* _What you will do_
Please copy exactly the lines from the top of the data through the line containing "19.53c-8 .08-10.77 1.42-11.59", and nothing else.

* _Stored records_

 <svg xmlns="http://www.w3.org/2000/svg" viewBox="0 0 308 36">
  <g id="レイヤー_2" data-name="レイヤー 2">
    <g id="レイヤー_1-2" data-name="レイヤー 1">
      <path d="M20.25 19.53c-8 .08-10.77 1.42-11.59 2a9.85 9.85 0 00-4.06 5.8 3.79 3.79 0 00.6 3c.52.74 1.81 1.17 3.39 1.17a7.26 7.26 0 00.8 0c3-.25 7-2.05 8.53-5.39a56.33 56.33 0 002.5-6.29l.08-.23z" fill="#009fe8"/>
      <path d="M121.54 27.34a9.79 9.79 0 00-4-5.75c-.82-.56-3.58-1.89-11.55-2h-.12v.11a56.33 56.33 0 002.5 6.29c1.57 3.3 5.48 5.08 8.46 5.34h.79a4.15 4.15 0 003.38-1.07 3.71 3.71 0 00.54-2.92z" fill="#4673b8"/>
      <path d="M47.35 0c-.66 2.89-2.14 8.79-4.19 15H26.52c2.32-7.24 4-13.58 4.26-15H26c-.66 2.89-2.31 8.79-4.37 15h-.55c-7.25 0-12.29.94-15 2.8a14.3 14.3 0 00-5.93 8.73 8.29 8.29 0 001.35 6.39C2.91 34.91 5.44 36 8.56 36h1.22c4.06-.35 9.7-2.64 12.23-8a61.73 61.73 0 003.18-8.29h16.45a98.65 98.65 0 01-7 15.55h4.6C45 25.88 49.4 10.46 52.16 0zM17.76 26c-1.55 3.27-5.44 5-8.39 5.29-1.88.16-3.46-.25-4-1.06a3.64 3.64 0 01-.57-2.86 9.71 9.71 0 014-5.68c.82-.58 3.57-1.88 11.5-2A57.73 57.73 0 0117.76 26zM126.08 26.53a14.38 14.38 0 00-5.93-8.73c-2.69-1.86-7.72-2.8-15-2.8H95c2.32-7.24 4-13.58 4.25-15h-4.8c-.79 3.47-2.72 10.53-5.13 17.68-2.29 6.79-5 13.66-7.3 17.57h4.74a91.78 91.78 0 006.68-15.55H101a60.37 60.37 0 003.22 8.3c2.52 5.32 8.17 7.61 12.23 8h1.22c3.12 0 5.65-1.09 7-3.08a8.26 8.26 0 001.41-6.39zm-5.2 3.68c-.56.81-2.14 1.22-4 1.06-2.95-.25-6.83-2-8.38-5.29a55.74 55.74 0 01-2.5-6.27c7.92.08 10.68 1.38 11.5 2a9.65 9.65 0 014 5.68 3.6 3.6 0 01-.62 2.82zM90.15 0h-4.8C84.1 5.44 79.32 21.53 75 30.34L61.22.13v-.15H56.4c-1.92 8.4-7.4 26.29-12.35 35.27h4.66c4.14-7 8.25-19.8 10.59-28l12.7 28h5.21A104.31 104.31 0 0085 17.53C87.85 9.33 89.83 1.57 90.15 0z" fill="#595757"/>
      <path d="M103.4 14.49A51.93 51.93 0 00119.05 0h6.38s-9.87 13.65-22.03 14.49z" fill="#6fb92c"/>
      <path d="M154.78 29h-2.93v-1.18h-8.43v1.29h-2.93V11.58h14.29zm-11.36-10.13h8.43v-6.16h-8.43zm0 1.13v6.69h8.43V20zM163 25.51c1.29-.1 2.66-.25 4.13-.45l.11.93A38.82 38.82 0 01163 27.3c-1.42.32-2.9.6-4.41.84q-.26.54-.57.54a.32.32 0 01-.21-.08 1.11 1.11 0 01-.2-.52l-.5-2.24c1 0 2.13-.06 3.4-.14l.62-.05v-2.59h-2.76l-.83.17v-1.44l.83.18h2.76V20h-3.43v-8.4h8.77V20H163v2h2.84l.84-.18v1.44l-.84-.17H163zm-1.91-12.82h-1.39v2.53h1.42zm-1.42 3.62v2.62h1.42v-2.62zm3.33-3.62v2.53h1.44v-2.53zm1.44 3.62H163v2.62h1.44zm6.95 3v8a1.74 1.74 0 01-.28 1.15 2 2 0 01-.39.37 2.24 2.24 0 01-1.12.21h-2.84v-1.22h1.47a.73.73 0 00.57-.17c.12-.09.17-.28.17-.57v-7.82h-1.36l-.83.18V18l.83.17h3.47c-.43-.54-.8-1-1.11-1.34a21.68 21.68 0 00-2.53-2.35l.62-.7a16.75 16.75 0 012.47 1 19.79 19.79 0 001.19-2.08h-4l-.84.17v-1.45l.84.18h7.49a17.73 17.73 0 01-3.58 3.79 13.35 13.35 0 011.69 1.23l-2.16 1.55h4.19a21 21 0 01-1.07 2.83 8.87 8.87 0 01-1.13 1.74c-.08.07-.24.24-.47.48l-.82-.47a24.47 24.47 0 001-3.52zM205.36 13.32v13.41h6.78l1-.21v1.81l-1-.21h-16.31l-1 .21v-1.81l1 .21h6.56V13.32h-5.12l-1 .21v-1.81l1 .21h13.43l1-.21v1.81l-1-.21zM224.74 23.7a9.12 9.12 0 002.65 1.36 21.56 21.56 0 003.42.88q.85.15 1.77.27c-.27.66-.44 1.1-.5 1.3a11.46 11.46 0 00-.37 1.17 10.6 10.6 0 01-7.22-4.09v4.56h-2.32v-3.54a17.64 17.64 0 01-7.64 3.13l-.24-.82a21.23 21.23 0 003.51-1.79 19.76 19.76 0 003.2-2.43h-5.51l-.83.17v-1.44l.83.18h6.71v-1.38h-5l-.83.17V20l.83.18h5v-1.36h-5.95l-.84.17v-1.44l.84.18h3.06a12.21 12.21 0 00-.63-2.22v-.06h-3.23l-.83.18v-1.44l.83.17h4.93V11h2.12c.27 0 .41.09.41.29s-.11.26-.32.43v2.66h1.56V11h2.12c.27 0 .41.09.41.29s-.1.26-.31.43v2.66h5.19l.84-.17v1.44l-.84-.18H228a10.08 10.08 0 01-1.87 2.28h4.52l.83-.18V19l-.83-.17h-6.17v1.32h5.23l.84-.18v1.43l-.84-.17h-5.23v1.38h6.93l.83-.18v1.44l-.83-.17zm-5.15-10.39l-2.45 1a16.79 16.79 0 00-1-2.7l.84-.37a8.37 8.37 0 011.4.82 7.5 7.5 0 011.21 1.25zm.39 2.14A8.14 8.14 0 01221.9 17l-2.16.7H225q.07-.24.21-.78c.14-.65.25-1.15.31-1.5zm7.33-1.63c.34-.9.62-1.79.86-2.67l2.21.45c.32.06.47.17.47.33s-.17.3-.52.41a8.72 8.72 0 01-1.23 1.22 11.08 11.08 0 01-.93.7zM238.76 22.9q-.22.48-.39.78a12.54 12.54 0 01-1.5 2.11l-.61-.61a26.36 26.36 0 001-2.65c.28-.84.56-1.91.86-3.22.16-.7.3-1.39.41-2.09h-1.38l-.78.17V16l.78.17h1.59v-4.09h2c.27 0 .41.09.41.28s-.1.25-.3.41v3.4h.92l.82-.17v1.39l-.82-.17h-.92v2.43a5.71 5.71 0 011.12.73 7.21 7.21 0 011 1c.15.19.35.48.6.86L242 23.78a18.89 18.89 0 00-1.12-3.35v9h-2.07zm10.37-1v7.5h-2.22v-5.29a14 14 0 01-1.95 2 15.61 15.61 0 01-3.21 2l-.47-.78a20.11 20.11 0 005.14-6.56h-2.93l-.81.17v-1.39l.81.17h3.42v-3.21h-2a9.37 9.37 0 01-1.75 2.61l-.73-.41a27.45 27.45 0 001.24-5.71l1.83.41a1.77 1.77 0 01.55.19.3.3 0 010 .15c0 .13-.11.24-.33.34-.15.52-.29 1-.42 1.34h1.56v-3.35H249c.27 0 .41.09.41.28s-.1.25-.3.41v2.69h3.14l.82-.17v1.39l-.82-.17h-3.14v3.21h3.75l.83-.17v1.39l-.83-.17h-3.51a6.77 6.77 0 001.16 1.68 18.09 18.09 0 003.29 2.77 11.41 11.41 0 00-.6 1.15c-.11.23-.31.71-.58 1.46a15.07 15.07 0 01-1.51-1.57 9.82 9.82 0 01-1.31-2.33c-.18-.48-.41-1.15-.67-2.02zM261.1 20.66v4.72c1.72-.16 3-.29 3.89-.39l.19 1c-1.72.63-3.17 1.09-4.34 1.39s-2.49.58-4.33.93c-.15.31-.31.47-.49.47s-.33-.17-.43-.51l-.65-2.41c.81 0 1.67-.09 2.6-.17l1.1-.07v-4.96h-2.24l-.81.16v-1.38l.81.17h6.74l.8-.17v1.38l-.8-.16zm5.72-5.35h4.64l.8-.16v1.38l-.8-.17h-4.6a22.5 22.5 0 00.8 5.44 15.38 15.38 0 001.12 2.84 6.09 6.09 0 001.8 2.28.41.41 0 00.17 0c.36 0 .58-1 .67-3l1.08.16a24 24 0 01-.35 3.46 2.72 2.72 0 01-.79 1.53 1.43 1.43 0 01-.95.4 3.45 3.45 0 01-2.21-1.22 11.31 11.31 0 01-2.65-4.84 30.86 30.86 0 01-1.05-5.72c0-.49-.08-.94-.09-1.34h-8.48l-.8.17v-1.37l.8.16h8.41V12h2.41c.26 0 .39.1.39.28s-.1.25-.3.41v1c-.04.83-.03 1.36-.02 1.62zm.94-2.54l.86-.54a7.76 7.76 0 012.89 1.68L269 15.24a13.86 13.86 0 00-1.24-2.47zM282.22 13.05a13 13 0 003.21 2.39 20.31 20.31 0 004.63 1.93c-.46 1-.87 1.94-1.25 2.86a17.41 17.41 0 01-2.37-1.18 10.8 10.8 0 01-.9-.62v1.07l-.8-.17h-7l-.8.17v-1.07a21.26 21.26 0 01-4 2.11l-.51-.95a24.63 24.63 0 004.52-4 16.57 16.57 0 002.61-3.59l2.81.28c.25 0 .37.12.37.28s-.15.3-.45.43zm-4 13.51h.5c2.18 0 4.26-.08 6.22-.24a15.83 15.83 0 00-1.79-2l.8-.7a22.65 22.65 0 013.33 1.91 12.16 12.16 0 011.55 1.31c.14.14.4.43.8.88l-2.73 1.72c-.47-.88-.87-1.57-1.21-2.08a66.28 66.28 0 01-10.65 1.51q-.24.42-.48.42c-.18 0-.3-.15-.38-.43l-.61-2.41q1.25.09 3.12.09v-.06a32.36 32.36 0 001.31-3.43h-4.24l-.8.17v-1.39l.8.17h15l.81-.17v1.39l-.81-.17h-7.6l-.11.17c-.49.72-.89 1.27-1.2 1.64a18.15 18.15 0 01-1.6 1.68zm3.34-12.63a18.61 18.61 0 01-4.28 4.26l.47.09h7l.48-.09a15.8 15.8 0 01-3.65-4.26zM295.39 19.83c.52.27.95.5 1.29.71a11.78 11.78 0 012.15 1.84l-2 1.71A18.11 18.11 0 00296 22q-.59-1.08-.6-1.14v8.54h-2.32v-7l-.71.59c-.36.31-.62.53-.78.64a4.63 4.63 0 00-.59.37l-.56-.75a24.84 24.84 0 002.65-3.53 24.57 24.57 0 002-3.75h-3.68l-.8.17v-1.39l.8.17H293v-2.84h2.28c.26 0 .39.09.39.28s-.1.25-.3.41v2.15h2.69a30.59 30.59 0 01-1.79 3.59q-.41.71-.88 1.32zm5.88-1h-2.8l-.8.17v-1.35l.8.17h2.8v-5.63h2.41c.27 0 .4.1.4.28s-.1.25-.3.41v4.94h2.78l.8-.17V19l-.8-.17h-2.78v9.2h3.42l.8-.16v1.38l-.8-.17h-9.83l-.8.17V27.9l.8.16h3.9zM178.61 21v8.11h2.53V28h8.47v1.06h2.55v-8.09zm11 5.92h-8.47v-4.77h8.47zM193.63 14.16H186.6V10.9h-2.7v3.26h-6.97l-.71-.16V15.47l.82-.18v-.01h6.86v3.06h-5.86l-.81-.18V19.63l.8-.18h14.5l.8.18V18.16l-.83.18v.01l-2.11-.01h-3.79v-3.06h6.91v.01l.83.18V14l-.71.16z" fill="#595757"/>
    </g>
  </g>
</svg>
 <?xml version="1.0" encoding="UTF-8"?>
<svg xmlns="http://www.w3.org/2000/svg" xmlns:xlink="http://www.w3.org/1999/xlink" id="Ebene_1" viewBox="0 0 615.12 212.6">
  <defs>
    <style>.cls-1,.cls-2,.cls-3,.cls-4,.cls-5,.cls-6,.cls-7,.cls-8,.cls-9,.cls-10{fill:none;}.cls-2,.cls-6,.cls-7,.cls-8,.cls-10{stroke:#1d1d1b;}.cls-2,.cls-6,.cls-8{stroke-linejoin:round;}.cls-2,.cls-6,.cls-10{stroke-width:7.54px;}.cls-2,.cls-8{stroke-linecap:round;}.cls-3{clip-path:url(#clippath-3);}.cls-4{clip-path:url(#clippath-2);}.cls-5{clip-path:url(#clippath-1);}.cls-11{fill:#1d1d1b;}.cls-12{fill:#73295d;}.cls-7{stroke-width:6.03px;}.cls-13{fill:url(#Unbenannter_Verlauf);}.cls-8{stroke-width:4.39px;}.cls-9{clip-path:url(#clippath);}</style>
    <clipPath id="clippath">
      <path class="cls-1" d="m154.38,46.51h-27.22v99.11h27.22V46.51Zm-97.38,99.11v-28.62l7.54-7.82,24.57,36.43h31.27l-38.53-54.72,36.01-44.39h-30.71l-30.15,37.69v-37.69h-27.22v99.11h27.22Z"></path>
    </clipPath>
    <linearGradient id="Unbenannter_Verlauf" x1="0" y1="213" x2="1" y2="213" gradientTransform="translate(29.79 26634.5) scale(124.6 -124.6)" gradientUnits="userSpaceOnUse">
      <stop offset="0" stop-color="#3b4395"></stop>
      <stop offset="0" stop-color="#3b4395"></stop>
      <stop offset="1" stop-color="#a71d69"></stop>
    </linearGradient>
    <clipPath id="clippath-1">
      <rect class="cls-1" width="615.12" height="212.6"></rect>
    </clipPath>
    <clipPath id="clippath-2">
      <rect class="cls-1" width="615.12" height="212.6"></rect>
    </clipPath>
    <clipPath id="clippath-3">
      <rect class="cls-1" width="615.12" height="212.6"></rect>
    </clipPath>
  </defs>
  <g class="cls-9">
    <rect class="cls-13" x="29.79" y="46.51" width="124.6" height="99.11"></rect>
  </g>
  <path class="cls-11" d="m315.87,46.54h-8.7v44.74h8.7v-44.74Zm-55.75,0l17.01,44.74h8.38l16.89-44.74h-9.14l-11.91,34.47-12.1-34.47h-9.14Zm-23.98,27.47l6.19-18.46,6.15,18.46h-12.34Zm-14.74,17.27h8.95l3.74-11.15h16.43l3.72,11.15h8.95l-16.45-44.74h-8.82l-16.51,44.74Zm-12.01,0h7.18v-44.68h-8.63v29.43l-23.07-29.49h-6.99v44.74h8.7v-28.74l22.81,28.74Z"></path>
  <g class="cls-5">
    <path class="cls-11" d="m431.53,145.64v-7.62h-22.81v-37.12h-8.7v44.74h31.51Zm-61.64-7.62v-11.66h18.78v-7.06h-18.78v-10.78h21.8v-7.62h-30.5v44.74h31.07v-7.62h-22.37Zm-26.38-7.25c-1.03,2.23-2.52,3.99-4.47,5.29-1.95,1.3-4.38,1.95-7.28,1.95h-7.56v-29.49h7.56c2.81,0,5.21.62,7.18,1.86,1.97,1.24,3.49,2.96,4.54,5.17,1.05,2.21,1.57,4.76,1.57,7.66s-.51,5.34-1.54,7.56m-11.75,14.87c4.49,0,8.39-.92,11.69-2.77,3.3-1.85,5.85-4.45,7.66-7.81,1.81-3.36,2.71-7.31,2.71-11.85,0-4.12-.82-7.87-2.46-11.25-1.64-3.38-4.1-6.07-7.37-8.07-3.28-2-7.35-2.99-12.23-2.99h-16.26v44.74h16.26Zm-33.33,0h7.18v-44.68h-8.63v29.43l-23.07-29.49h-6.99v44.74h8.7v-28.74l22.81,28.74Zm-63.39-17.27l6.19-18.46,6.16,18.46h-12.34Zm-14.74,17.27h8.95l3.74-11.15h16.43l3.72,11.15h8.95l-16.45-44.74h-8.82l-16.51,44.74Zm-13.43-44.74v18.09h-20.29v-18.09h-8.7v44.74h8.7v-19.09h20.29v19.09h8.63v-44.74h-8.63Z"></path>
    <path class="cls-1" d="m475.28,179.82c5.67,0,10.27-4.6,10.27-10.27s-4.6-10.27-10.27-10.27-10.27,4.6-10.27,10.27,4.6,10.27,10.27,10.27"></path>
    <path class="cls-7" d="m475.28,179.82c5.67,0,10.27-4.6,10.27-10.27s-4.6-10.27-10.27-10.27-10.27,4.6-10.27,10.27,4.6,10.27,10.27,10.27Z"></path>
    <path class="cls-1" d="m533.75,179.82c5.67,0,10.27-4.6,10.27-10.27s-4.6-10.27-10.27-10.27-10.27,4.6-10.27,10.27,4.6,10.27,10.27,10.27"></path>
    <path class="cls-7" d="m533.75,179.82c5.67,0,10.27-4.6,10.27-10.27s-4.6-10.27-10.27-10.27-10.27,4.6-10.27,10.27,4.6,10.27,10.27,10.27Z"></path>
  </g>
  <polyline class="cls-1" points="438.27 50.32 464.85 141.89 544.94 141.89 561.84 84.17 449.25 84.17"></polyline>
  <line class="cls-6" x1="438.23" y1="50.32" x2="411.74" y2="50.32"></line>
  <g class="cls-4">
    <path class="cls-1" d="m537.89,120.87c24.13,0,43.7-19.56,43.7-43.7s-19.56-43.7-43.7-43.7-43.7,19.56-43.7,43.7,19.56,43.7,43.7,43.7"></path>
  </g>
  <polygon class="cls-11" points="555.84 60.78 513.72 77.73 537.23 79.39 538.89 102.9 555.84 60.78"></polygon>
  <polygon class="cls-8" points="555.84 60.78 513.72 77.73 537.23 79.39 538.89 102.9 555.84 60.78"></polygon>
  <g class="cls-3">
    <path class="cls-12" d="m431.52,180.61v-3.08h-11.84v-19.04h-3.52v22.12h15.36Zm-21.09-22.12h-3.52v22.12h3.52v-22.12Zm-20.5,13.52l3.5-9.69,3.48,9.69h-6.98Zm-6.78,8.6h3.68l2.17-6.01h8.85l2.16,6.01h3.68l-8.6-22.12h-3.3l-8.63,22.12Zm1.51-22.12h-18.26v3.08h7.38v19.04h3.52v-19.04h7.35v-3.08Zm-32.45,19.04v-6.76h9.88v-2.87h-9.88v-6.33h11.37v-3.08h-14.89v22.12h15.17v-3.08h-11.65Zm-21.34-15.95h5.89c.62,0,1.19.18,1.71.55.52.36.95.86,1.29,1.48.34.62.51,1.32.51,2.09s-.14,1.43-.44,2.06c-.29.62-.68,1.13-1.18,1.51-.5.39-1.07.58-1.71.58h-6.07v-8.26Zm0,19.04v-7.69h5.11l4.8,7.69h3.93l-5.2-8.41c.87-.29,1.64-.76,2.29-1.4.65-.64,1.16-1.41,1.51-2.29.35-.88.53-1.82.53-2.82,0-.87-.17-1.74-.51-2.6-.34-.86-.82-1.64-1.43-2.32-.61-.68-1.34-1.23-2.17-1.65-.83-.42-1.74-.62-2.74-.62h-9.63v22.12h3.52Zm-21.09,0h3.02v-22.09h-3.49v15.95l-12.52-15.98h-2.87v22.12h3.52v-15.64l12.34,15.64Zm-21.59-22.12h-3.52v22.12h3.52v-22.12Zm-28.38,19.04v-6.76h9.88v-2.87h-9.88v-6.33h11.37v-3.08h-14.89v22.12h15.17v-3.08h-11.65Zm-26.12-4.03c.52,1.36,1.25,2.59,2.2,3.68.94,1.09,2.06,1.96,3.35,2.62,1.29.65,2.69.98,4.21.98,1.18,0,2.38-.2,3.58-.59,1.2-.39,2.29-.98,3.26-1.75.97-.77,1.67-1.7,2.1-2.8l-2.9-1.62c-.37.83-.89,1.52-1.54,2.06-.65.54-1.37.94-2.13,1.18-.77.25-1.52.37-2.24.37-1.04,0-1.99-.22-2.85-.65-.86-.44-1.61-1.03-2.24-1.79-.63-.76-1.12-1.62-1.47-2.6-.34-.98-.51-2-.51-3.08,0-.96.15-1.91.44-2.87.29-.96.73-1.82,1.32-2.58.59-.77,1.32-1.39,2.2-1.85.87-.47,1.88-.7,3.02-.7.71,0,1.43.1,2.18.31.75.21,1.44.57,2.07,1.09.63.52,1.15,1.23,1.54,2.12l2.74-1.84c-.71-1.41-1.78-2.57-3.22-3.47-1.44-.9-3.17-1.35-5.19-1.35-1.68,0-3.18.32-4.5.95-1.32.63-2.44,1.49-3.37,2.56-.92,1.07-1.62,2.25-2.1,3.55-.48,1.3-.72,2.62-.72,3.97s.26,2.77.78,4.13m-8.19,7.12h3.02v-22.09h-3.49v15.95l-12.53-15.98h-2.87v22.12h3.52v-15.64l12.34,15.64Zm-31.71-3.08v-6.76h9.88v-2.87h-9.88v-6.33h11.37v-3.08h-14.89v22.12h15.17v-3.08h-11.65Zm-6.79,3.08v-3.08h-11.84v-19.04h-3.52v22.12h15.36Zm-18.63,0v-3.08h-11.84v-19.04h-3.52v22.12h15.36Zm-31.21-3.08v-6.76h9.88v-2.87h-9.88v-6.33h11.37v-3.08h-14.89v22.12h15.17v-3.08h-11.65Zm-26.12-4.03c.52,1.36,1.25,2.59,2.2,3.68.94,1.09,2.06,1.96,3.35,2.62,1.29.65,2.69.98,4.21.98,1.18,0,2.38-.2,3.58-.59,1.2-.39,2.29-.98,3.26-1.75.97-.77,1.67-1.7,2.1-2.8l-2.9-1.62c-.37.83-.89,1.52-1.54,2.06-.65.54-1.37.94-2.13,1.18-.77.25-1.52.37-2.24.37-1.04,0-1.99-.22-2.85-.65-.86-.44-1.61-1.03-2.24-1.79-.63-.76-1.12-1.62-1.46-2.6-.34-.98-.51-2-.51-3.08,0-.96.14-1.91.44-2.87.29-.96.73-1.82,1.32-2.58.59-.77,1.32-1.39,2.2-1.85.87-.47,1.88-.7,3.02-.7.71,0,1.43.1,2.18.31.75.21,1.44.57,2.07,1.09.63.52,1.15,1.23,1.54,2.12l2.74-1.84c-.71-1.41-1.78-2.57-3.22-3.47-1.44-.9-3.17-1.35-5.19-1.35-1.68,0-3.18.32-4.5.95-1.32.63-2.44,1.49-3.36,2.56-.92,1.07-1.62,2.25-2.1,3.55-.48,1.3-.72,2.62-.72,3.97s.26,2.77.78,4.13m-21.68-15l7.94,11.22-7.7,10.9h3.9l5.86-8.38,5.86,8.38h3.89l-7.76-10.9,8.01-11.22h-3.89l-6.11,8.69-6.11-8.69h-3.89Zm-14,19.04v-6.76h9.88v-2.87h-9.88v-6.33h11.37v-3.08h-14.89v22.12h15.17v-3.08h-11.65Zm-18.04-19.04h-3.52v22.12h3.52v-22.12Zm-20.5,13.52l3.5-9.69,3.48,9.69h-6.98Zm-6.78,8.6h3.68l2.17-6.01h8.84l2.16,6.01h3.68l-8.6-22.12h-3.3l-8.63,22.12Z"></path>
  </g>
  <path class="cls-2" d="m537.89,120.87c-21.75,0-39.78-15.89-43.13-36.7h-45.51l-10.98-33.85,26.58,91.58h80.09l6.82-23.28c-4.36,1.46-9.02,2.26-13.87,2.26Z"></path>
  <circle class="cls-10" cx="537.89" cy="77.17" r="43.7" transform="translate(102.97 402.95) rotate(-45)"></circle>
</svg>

* _Response for this exercise_
 <svg xmlns="http://www.w3.org/2000/svg" viewBox="0 0 308 36">
  <g id="レイヤー_2" data-name="レイヤー 2">
    <g id="レイヤー_1-2" data-name="レイヤー 1">
      <path d="M20.25 19.53c-8 .08-10.77 1.42-11.59 2a9.85 9.85 0 00-4.06 5.8 3.79 3.79 0 00.6 3c.52.74 1.81 1.17 3.39 1.17a7.26 7.26 0 00.8 0c3-.25 7-2.05 8.53-5.39a56.33 56.33 0 002.5-6.29l.08-.23z" fill="#009fe8"/>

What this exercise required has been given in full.